Question

A set of exam scores is normally distributed and has a mean of 79.4 and a standard deviation of 11. What is the probability that a randomly selected score will be greater than 54.1? Answer = (round to four decimal places) Note: Be careful...only use the Z Table here and round z scores to two places since that’s what the table uses...do not use technology or the 68-95-99.7 Rule.

Answer 1

There is a 98.93% probability that a randomly selected score will be greater than 54.1.

Explanation:

Problems of normally distributed samples can be solved using the z-score formula.

In a set with mean
`\mu` and standard deviation
`\sigma`, the zscore of a measure X is given by:

`Z = (X - \mu)/(\sigma)`

The Z-score measures how many standard deviations the measure is from the mean. After finding the Z-score, we look at the z-score table and find the p-value associated with this z-score. This p-value is the probability that the value of the measure is smaller than X, that is, the percentile of X. Subtracting 1 by the pvalue, we get the probability that the value of the measure is greater than X.

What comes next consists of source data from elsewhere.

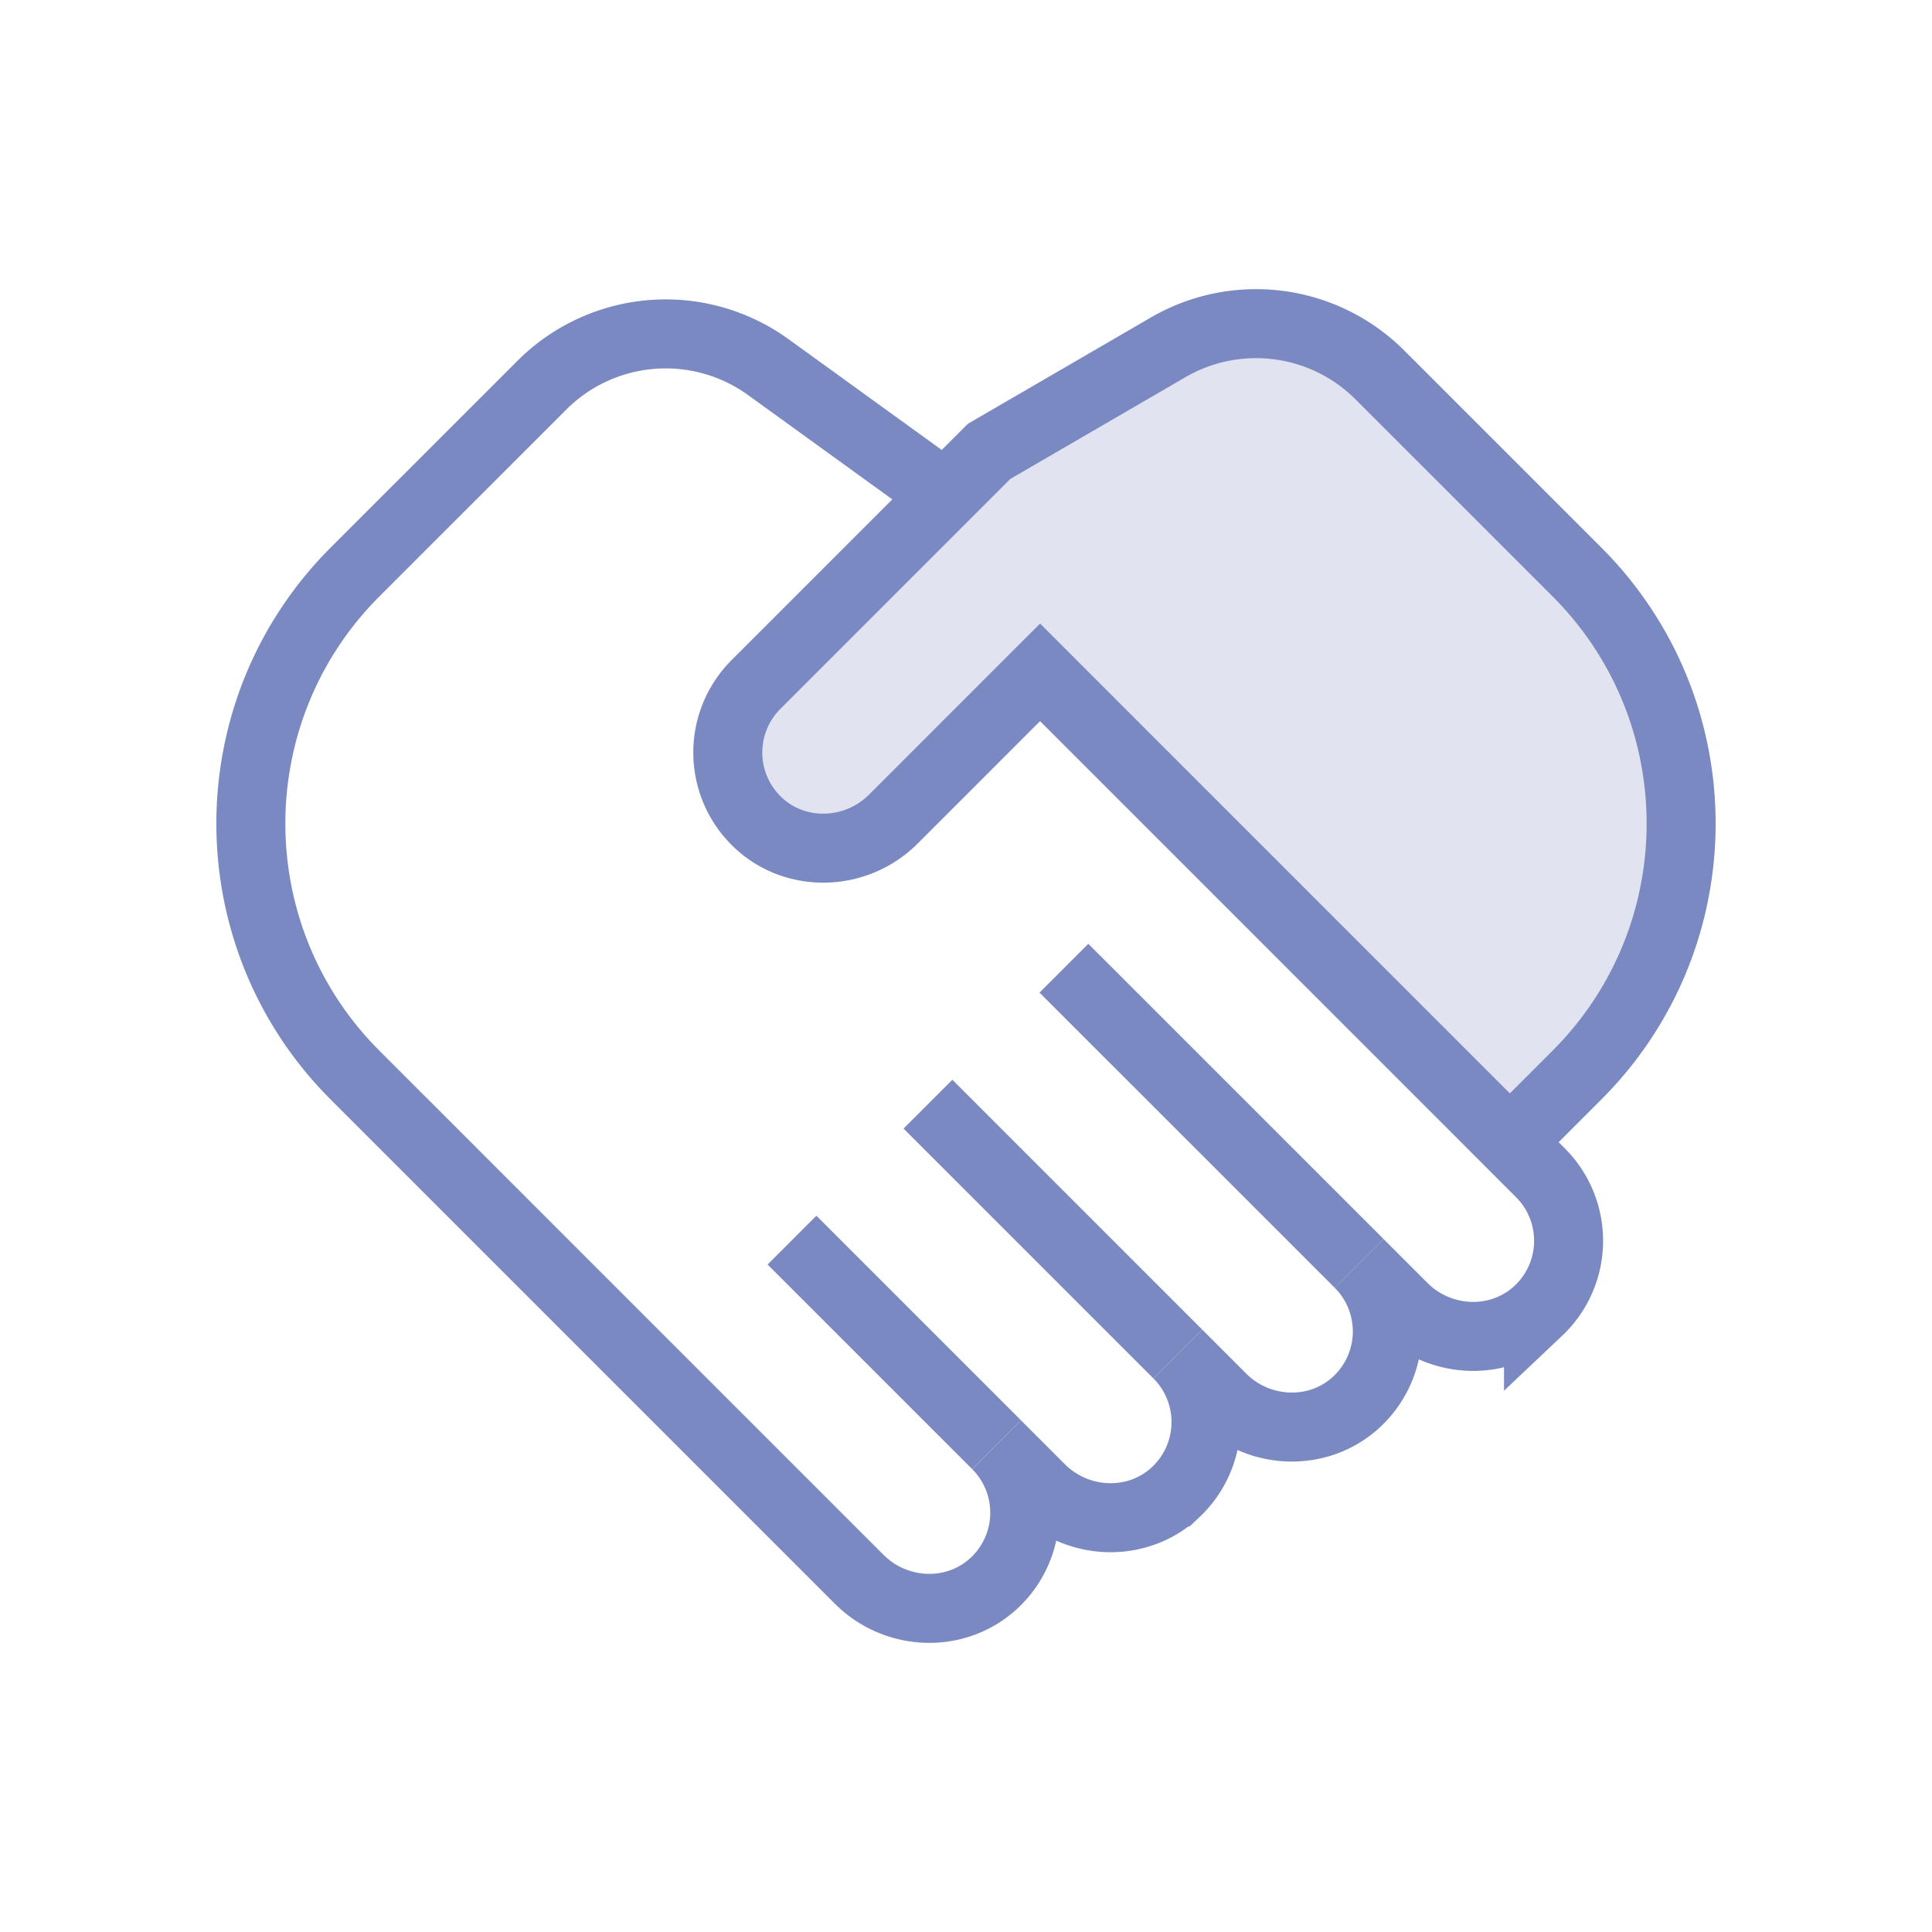 <svg width="70" height="70" viewBox="0 0 70 70" fill="none" xmlns="http://www.w3.org/2000/svg">
    <path d="M32.368 29.678l5.316-5.316 17.022 17.022 2.43-2.43c5.033-5.033 5.033-13.195 0-18.23l-7.14-7.139a6.343 6.343 0 00-7.672-1l-6.483 3.768-8.45 8.45a3.483 3.483 0 00.07 4.994c1.378 1.305 3.565 1.223 4.907-.12z" fill="#E1E4F0"/>
    <path d="M34.252 17.94l-6.417-4.64a6.343 6.343 0 00-8.201.656l-6.77 6.768c-5.033 5.035-5.033 13.196 0 18.23L31.13 57.22c1.342 1.342 3.53 1.424 4.908.12a3.483 3.483 0 00.07-4.995l1.59 1.59c1.343 1.343 3.53 1.425 4.908.12a3.484 3.484 0 00.07-4.995l1.591 1.591c1.342 1.342 3.53 1.425 4.908.12a3.484 3.484 0 00.07-4.995l1.59 1.591c1.343 1.342 3.53 1.424 4.908.12a3.484 3.484 0 00.07-4.995L37.684 24.36l-5.316 5.317c-1.342 1.342-3.529 1.424-4.908.12a3.483 3.483 0 01-.07-4.995l8.45-8.45 6.484-3.767a6.343 6.343 0 017.672 1l7.139 7.138c5.034 5.035 5.034 13.196 0 18.23l-2.43 2.43" stroke="#7A89C2" stroke-width="2.5" stroke-miterlimit="10"/>
    <path d="M36.107 52.344l-7.412-7.412" stroke="#7A89C2" stroke-width="2.5" stroke-miterlimit="10"/>
    <path d="M42.675 49.06l-9.053-9.054" stroke="#7A89C2" stroke-width="2.5" stroke-miterlimit="10"/>
    <path d="M49.244 45.775L38.548 35.08" stroke="#7A89C2" stroke-width="2.5" stroke-miterlimit="10"/>
</svg>

In this problem, we have that:

A set of exam scores is normally distributed and has a mean of 79.4 and a standard deviation of 11. This means that
`\mu = 79.4, \sigma = 11`.

What is the probability that a randomly selected score will be greater than 54.1?

This probability is 1 subtracted by the pvalue of Z when
`X = 54.1`.

`Z = (X - \mu)/(\sigma)`

`Z = (54.1 - 79.4)/(11)`

`Z = -2.3`

`Z = -2.3` has a pvalue of 0.0107.

This means that there is a 1-0.0107 = 0.9893 = 98.93% probability that a randomly selected score will be greater than 54.1.